__Directions__
Your answer must consist of the records exactly as given, with no pictures included.

[Records from a data source]

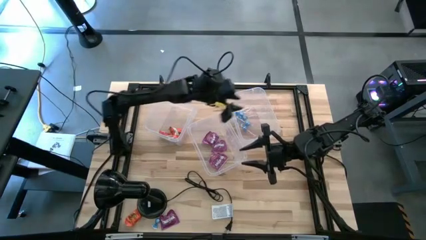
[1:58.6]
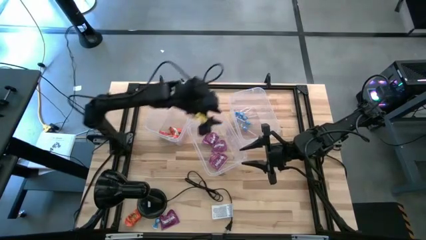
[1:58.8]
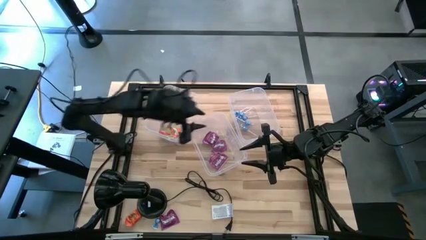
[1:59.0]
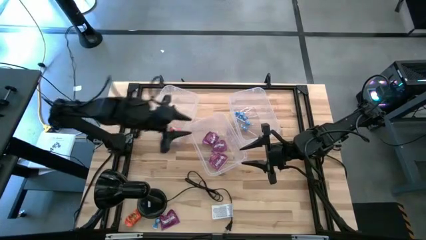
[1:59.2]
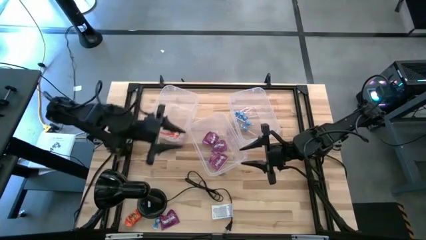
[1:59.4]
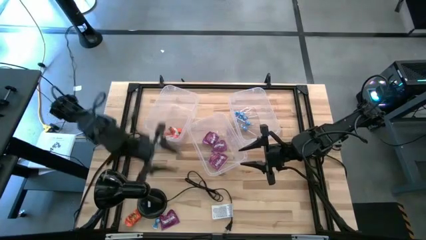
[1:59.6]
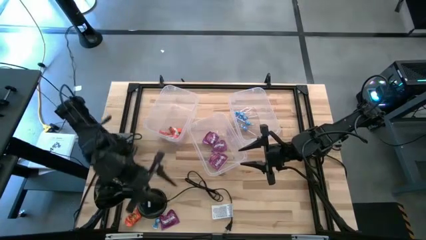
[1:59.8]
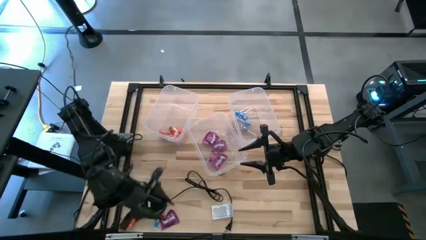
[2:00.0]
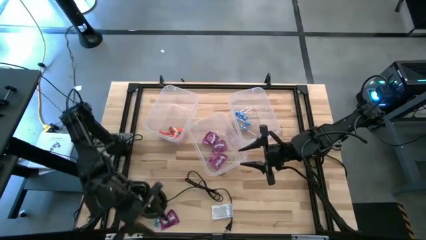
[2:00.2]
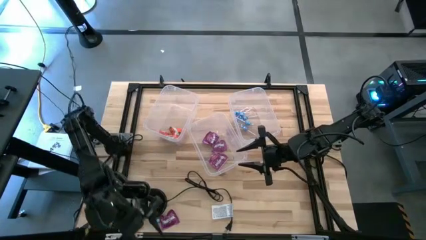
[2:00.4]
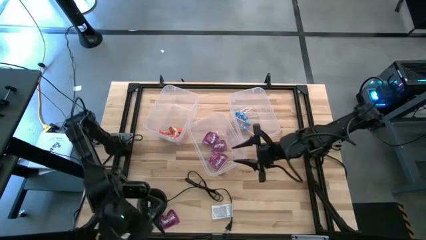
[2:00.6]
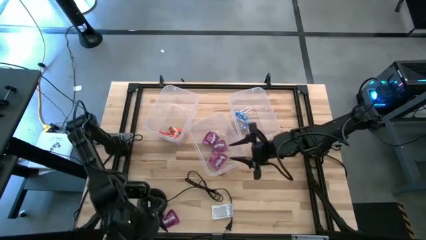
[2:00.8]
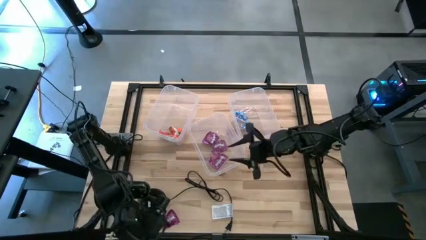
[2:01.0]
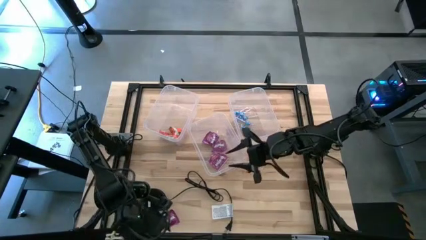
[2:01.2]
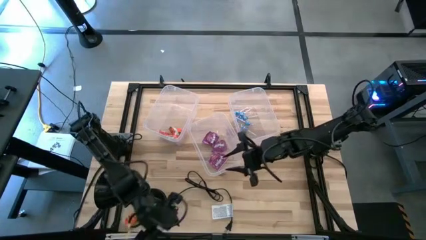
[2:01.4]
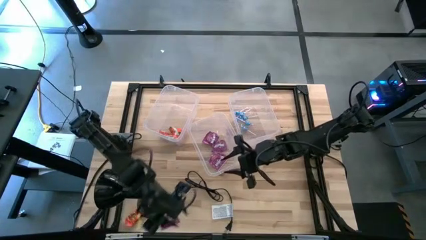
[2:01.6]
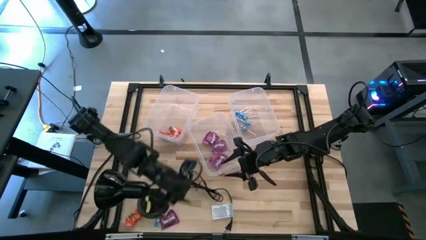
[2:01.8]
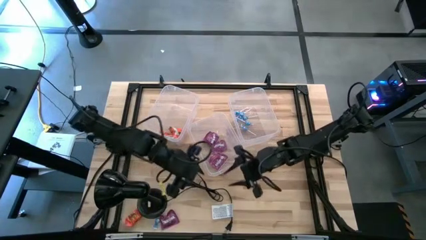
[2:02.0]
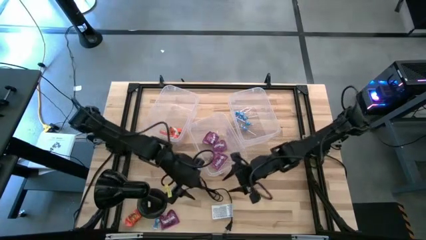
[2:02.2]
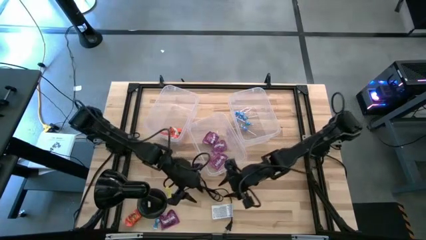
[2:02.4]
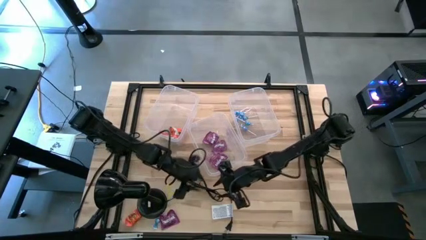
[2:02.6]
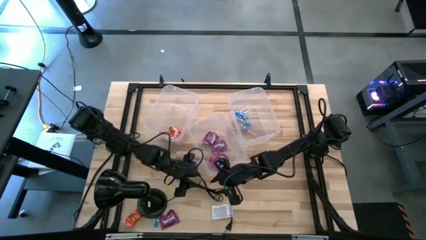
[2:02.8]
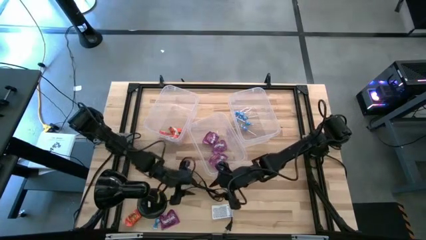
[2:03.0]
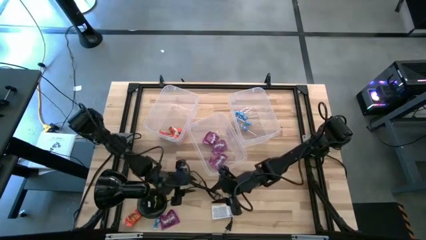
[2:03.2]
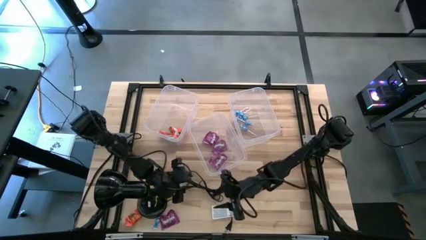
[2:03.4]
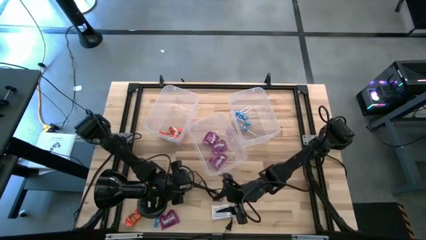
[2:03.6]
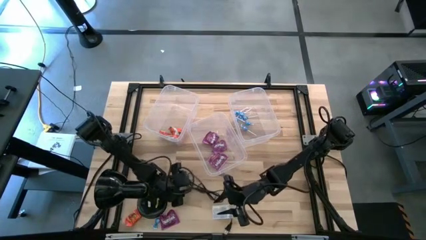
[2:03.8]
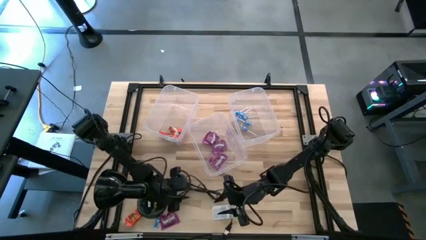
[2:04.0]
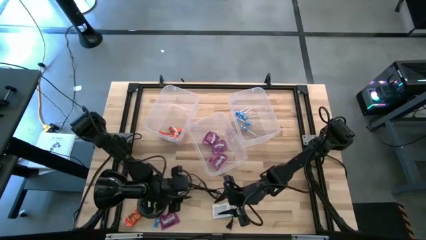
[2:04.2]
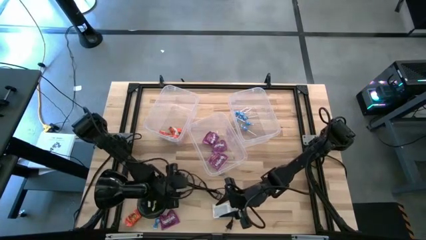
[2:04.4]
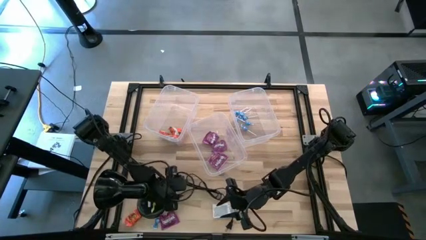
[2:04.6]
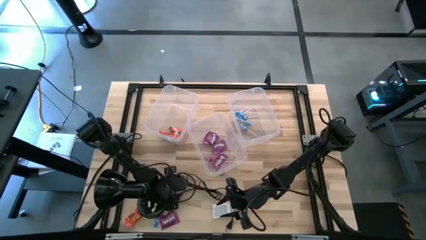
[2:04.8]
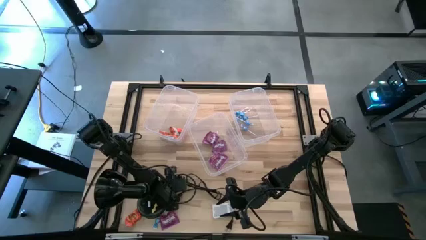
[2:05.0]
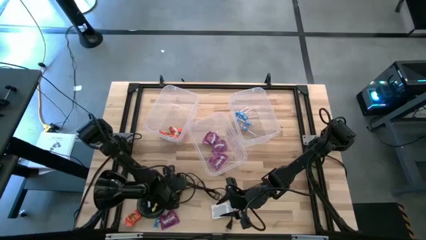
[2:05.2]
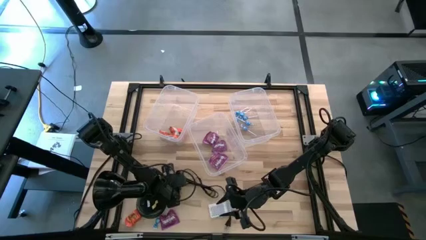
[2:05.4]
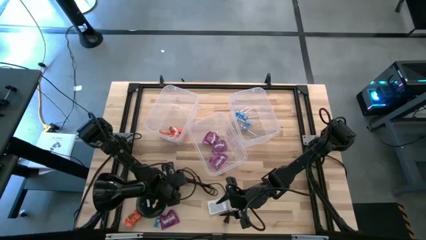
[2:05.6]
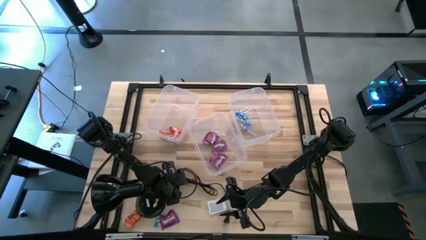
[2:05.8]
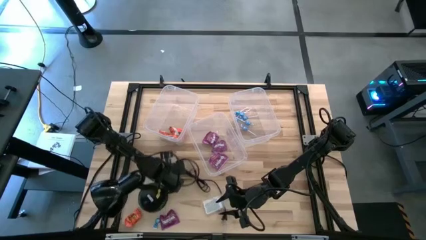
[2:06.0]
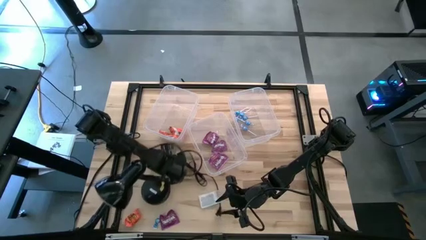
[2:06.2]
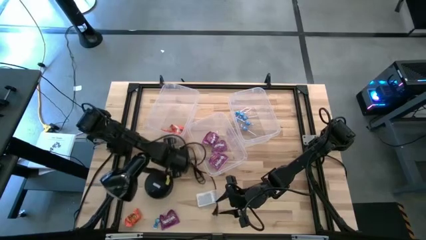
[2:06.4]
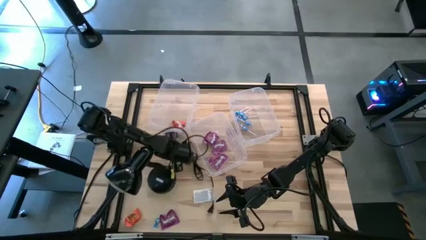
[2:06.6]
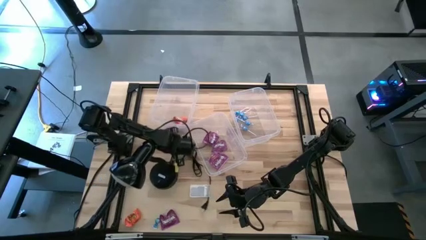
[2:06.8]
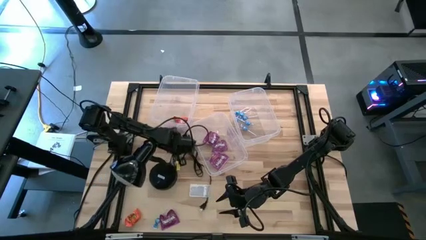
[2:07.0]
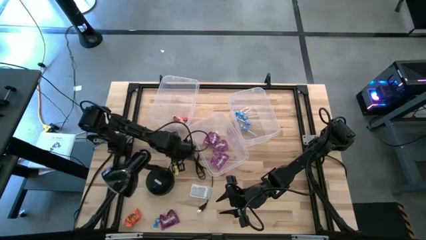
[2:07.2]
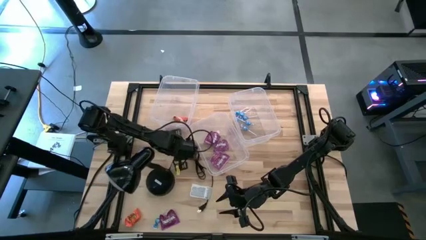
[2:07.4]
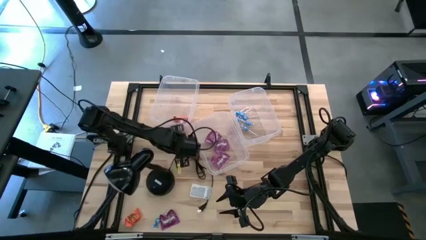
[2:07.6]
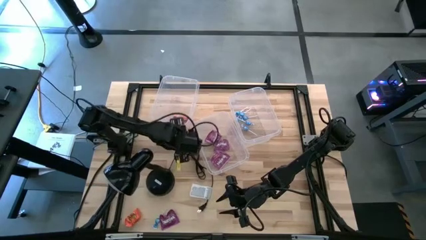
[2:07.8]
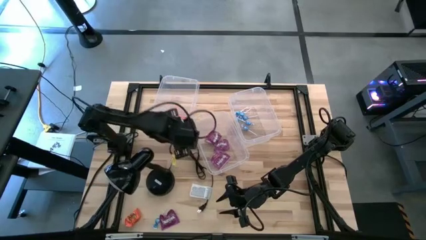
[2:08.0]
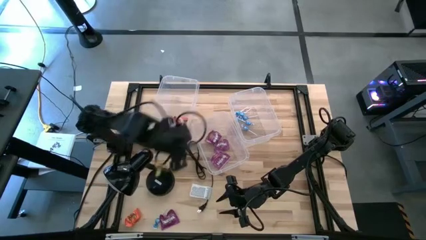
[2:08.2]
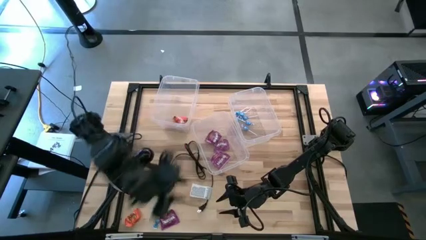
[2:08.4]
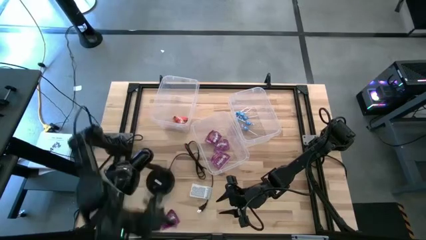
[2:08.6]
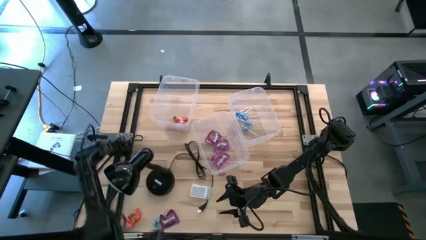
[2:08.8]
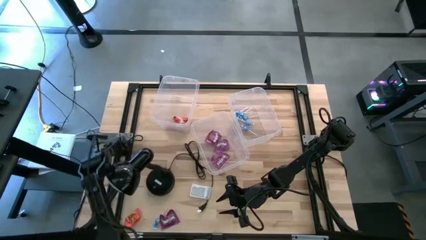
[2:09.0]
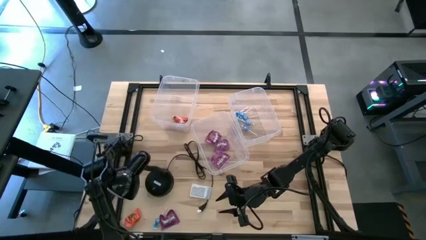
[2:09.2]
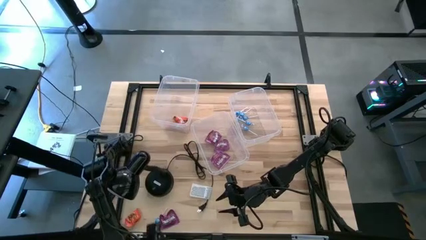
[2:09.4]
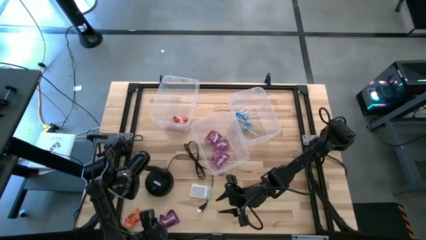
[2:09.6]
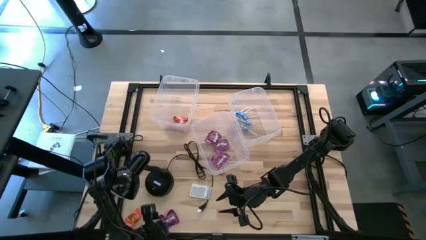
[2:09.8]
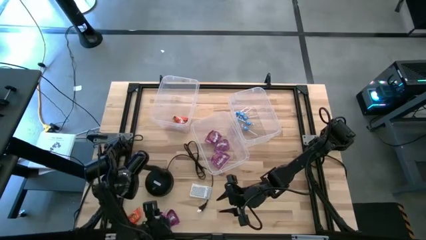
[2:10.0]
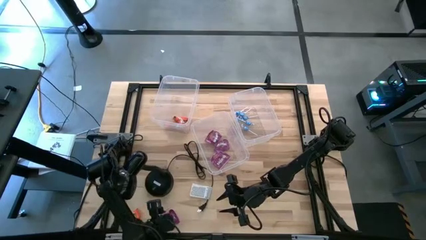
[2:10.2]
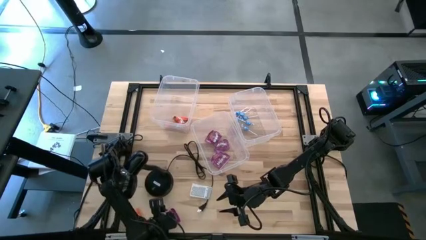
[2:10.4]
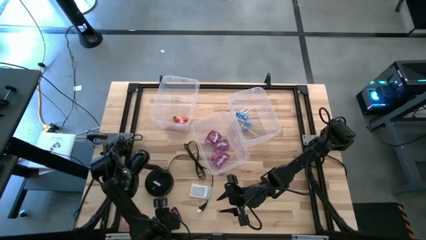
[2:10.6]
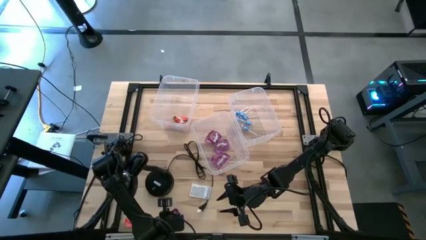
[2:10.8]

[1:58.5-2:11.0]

__Solved exercise__
[1:58.6]
[1:58.8]
[1:59.0]
[1:59.2]
[1:59.4]
[1:59.6]
[1:59.8]
[2:00.0]
[2:00.2]
[2:00.4]
[2:00.6]
[2:00.8]
[2:01.0]
[2:01.2]
[2:01.4]
[2:01.6]
[2:01.8]
[2:02.0]
[2:02.2]
[2:02.4]
[2:02.6]
[2:02.8]
[2:03.0]
[2:03.2]
[2:03.4]
[2:03.6]
[2:03.8]
[2:04.0]
[2:04.2]
[2:04.4]
[2:04.6]
[2:04.8]
[2:05.0]
[2:05.2]
[2:05.4]
[2:05.6]
[2:05.8]
[2:06.0]
[2:06.2]
[2:06.4]
[2:06.6]
[2:06.8]
[2:07.0]
[2:07.2]
[2:07.4]
[2:07.6]
[2:07.8]
[2:08.0]
[2:08.2]
[2:08.4]
[2:08.6]
[2:08.8]
[2:09.0]
[2:09.2]
[2:09.4]
[2:09.6]
[2:09.8]
[2:10.0]
[2:10.2]
[2:10.4]
[2:10.6]
[2:10.8]

[1:58.5-2:11.0]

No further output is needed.